Spring homebuying breathes life back into Canadian home sales
Canadian home sales rose in April, the second straight monthly gain, as spring homebuying breathed life back into the slowing real estate sector and bolstered hopes that Canada will manage a soft landing rather than a U.S.-style housing crash.
Sales of existing homes climbed 0.6% in April from March, but year-over-year sales were down 3.1%, the Canadian Real Estate Association said on yesterday in a report that showed a small spring bounce in an otherwise slowing housing sector.
CREA’s home price index rose 2.2% in April from a year earlier, its smallest gain in more than two years. That echoed the 2.0% April gain in the Teranet-National Bank Composite House Price Index reported on Tuesday.

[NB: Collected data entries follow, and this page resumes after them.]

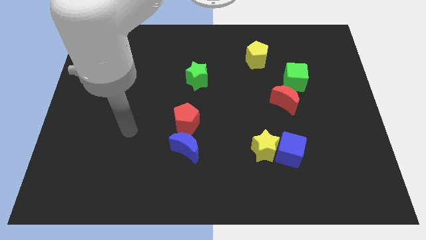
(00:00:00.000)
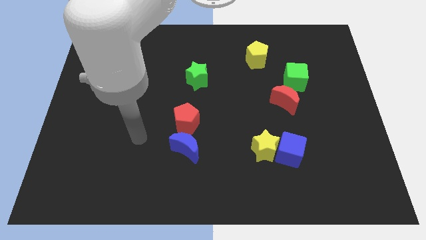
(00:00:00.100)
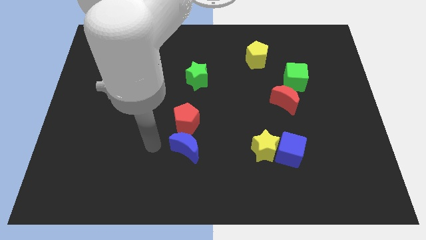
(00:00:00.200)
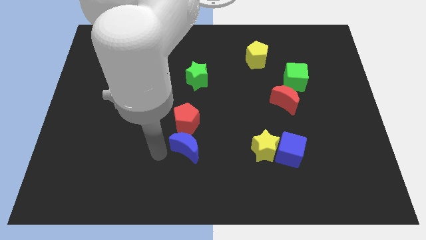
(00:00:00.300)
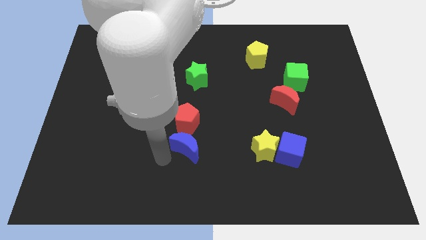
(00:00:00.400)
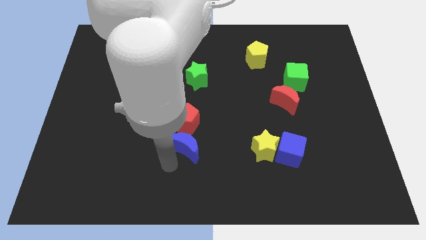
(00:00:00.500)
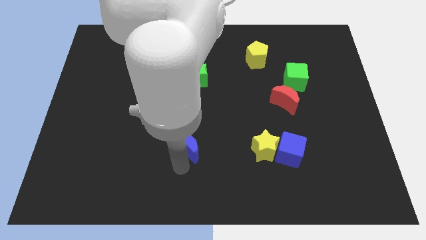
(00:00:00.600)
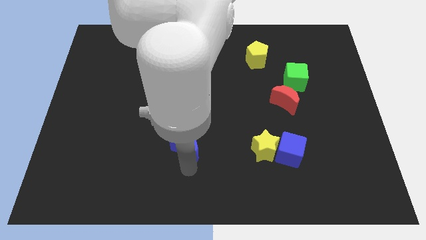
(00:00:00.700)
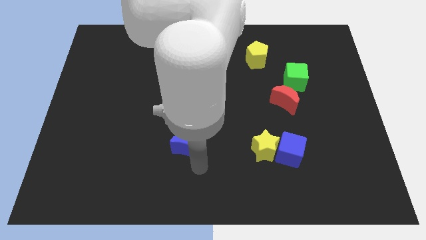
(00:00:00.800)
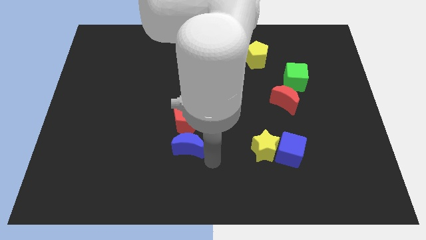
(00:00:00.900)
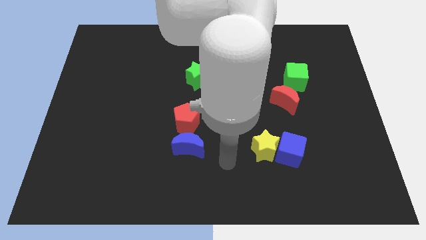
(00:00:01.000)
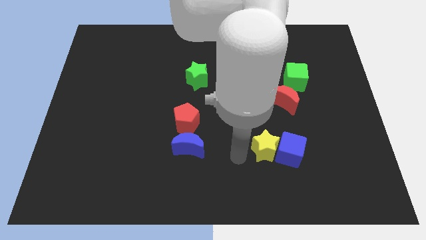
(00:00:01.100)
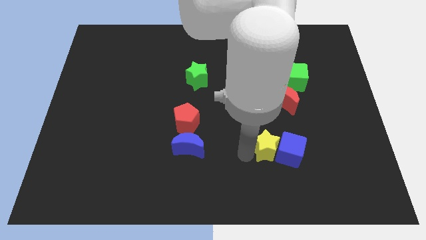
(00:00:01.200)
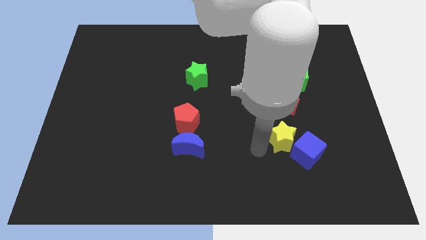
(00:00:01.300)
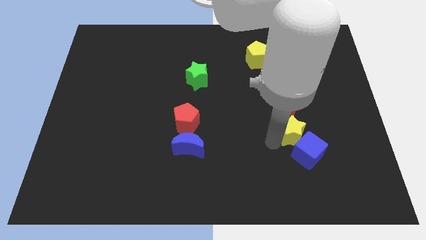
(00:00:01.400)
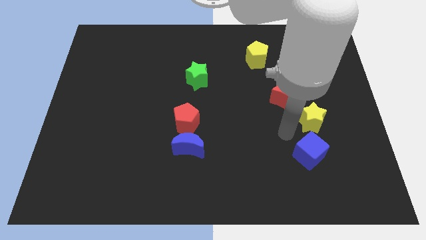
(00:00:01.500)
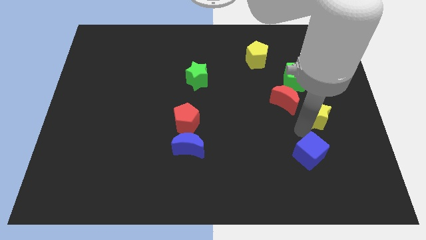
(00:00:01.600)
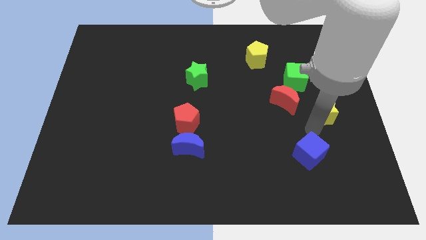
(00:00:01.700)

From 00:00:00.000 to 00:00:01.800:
move the blue cube away from the yellow star

Prices, still above year-ago levels in most markets, typically lag a slowdown in sales activity as sellers resist pressure to lower asking prices and wait to see whether the market is truly declining.

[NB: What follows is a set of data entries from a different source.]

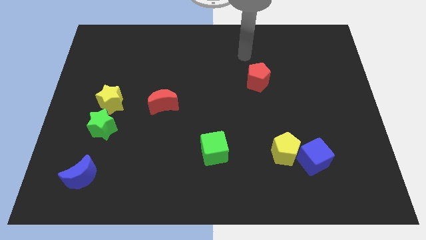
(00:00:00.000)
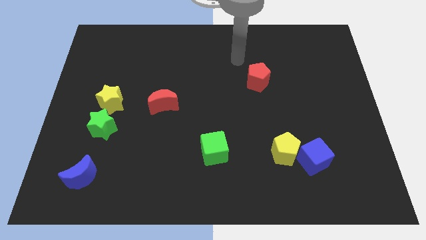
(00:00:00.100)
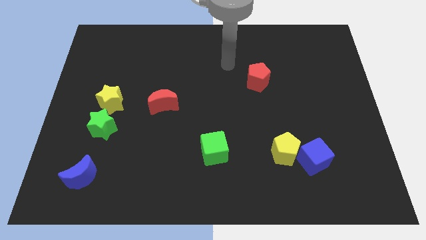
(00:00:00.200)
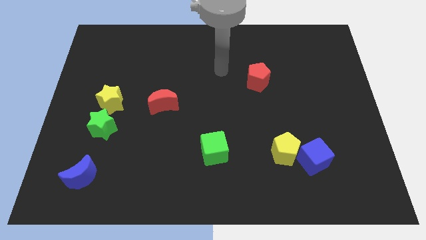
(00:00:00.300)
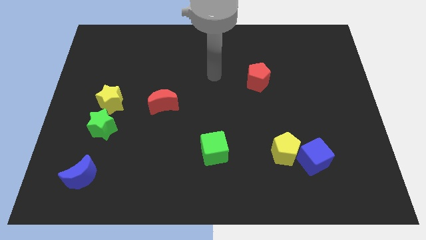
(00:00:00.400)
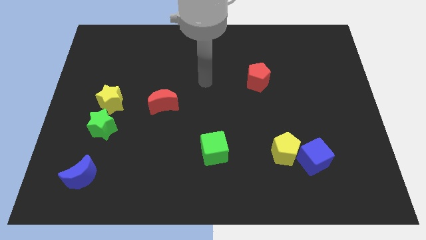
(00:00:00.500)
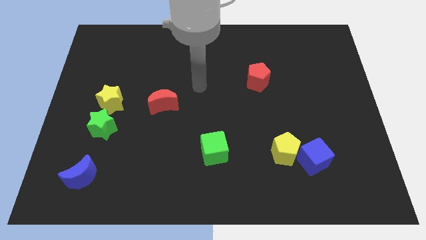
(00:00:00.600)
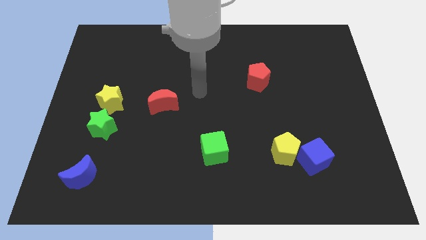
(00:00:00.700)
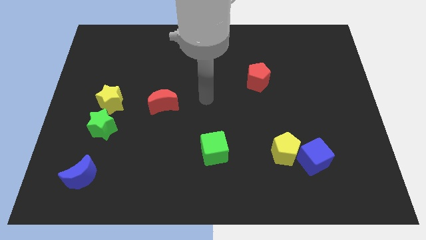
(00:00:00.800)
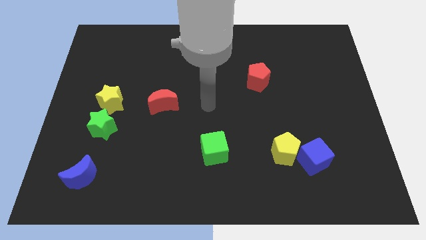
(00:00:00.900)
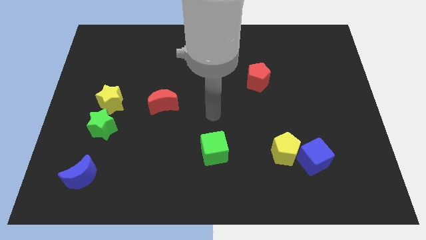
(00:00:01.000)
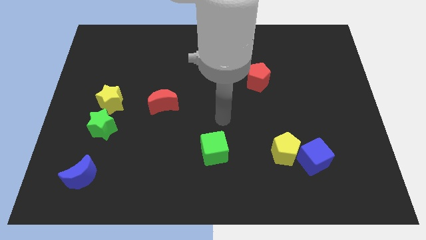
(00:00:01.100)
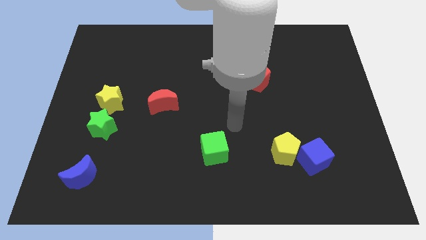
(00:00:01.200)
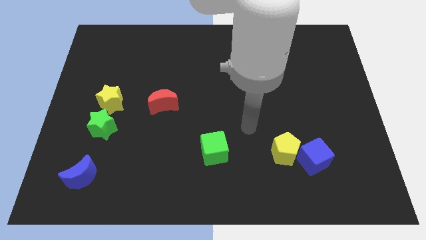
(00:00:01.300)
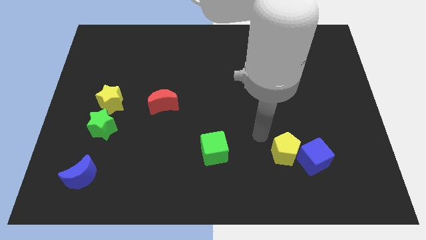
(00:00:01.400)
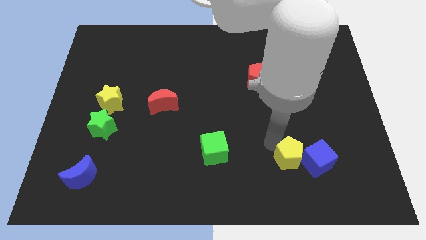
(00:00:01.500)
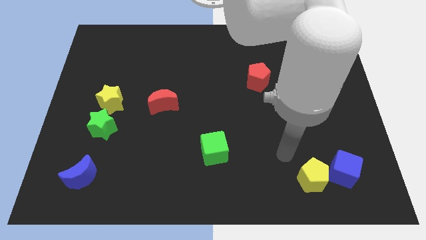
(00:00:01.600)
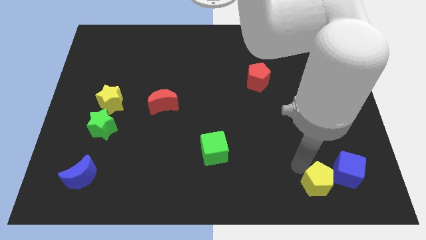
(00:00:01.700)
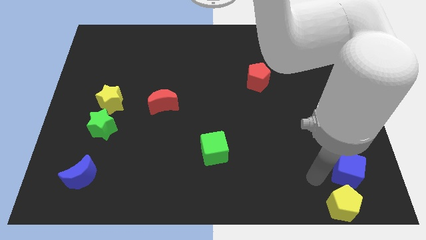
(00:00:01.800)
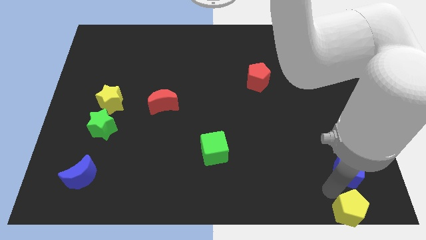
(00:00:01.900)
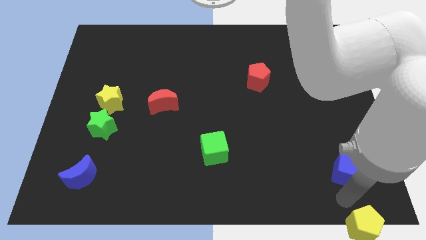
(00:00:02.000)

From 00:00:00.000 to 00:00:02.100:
separate the blue cube from the yellow pentagon

Canada’s housing market began slowing in the middle of 2012, when the government tightened lending rules in a bid to prevent consumers from taking on too much debt.

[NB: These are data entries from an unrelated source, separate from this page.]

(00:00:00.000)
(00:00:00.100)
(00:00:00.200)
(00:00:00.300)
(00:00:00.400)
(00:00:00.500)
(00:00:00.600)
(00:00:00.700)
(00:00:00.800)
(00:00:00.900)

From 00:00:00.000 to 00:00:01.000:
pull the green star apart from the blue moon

“Today’s report further underscores our argument that tighter mortgage regulations have a transitory impact and the expectation for stabilization in the housing market. We expect this theme will persist over the balance of the year and into 2014,” Mazen Issa, Canada Macro Strategist at TD Securities, said in a research note.
He said the key markets of Toronto and Vancouver look more balanced after a period of moderation, which will help limit the downside in prices.
The April month-on-month uptick in sales was the second straight monthly gain. CREA said home sales improved in more than half of all local markets in April from March, led by gains in Toronto, Winnipeg, Calgary and Victoria.
There was some noise in the data. CREA chief economist Gregory Klump said the Easter holiday and extra full weekend in March lowered sales activity that month and boosted April sales.
The CREA report showed the national sales-to-new listings ratio inched up to 50.4% in April from 49.7% in March. It has held near the same level for the past nine months.
Nationally, there were 6.6 months of inventory at the end of April 2013, unchanged from the end of March.
The national average price, not seasonally adjusted, for homes sold in April was $380,588, up 1.3% from the same month last year.